THE LATITUDE E7470 is the newest addition to Dell’s popular and workmanlike 7 Series. So if your aging workhorse is due an upgrade does it do enough to put it next on your wish list?
Hardware and design
The Dell Latitude E7470 measures 335x232x19.4mm and weighs 1.42kg, making it slim and lightweight. The chassis has been crafted out of magnesium alloy, while the lid feels rubbery but solid.
The black finish is almost Lenovo-like in its appearance and a magnet for grease. The crisp 1080p edge-to-edge display adds some shine to what would otherwise be an almost bland, business-ready device.
Despite its sprightly dimensions, the Dell Latitude E7470 is bulging with connectivity options. Chief among them are 1x HDMI, 1x mini display port, 3x USB 3.0 ports, an SD card reader, Ethernet, 802.11ac and Bluetooth 4.1.
This is a particularly impressive feat considering the Dell Latitude E7470’s ultrabook status, and we especially like the placement of the Ethernet port in the hinge. Subtle touches like this, plus the blue that decorates some of the keys and the carbon-fibre effect on the lid, raise the E7470 above the usual tried and tested Latitude design. A docking station connector lives on the underside.

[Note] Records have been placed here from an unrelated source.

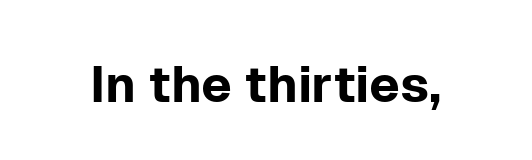
{"serif": "no", "italic": "no", "width": "normal", "stroke_contrast": "low", "x_height": "medium", "monospaced": "no", "underline": "no", "letter_spacing": "normal", "letter_spacing_em": 0.0, "glyph_px": 51}
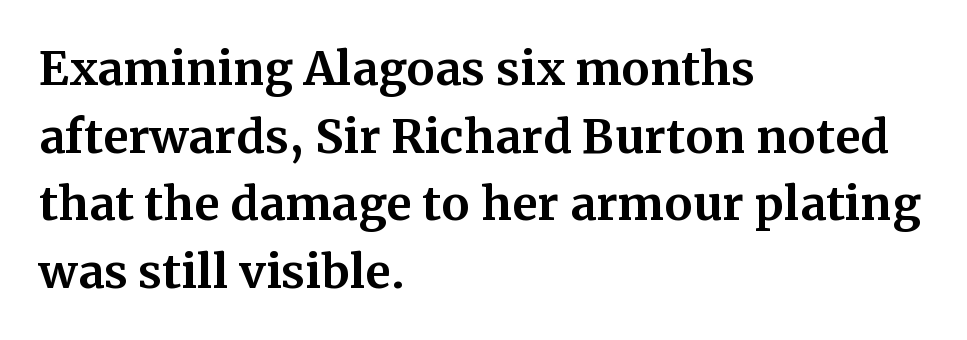
Q: Is the text bold? A: Yes.
Q: Is the text italic (slanted)? A: No, it is upright.
Q: Is the typeface a serif or a sans-serif typeface? A: Serif.
Q: Is the text underlined? A: No.
Q: How is the paragraph aligned? A: Left-aligned.
Q: Is the spacing between letters normal or unusually wide? A: Normal.
Q: Is the spacing between lines tight, normal or loose? A: Normal.
Q: Width (condensed, normal, or wide)? A: Normal.
Q: Stroke contrast? A: Medium.
Q: x-height? A: Medium.
Q: Monospaced? A: No.
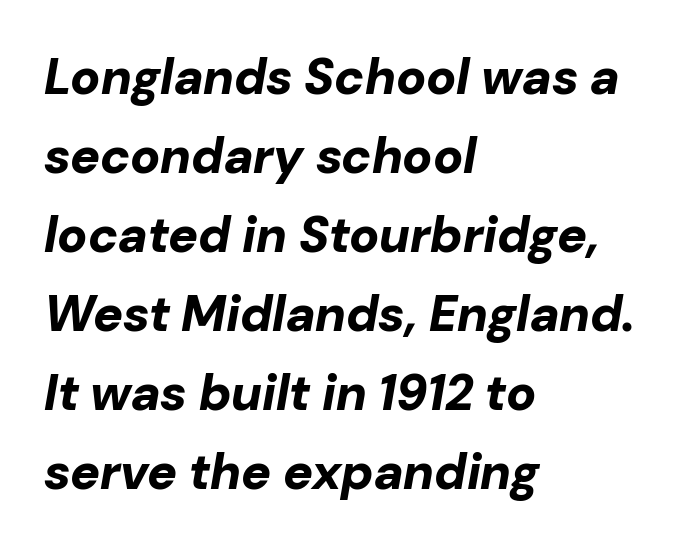
{"italic": "yes", "lean": "right", "slant_degrees": 10, "bold": "yes", "weight": "bold", "width": "normal", "stroke_contrast": "low", "x_height": "medium", "monospaced": "no", "underline": "no", "align": "left", "line_spacing": "normal", "line_spacing_ratio": 1.58, "letter_spacing": "normal", "letter_spacing_em": 0.0, "glyph_px": 50}

The speakers are capable of producing high volume, but we found bass response poor and lacking in depth.
It’s a tough little unit too, having achieved military standards for durability, ruggedness and reliability. A narrow rubber frame surrounds that beautiful 14in screen adding an extra layer of protection.
The display is probably the new Latitude’s standout feature. There are touch and non-touch options, as well as a choice of 1366×768, 1920×1080 and 2560×1440 resolutions.
The QHD display looks especially gorgeous, full of crisp detail and a bright, rich colour palette. Quite why anyone would opt for the lowly 1366×768 resolution in this day remains a mystery.
The touch screen gets an extra layer of protection courtesy of Gorilla Glass NBT, but viewing angles suffer slightly as it lacks the anti-glare coating of the alternative panel.
The keyboard feels satisfying to the touch, and the buttons curve slightly which makes it comfortable to use even after several hours. The backlighting is not the brightest we’ve seen, but at least the keyboard is spill-proof so the internals are protected.
We had high hopes for the trackpad given Dell’s pedigree but found this one troublesome at times and prone to phantom behaviour such as wandering cursors. Tweaking the sensitivity helped a little, but we ended up turning it off when we needed to knuckle down for extended periods.
Various hardware configurations are available. Our test model came with an Intel i7-6600U CPU (2.6GHz), 8GB of RAM and a nippy 256GB SSD. If you’re looking to reduce the cost there’s an i5-6300U (2.4GHz) option with 4GB of RAM and a 128GB SSD.
The Dell Latitude E7470 uses the standard, run-of-the-mill integrated Intel HD 520 graphics you’d expect from a business-ready laptop. This is fine for the majority of tasks, but wouldn’t be the top choice for those with graphics-heavy requirements.
The Latitude E7470 was whisper-quiet in everyday use, and even juggling multiple video files couldn’t force more than a low whirr from the fans.
The four-cell 55Whr battery is said to provide up to nine hours, but we got nearer to seven. Happily the E7470 ships with a compact power adapter (not the brick-like devices normally associated with Dell’s XPS line), so it’s perfect for travelling too.
If you want more, an optional Dell Portable Power Companion offers a further 18,000mAh of juice. That’s enough to power your laptop along with two other devices at the same time.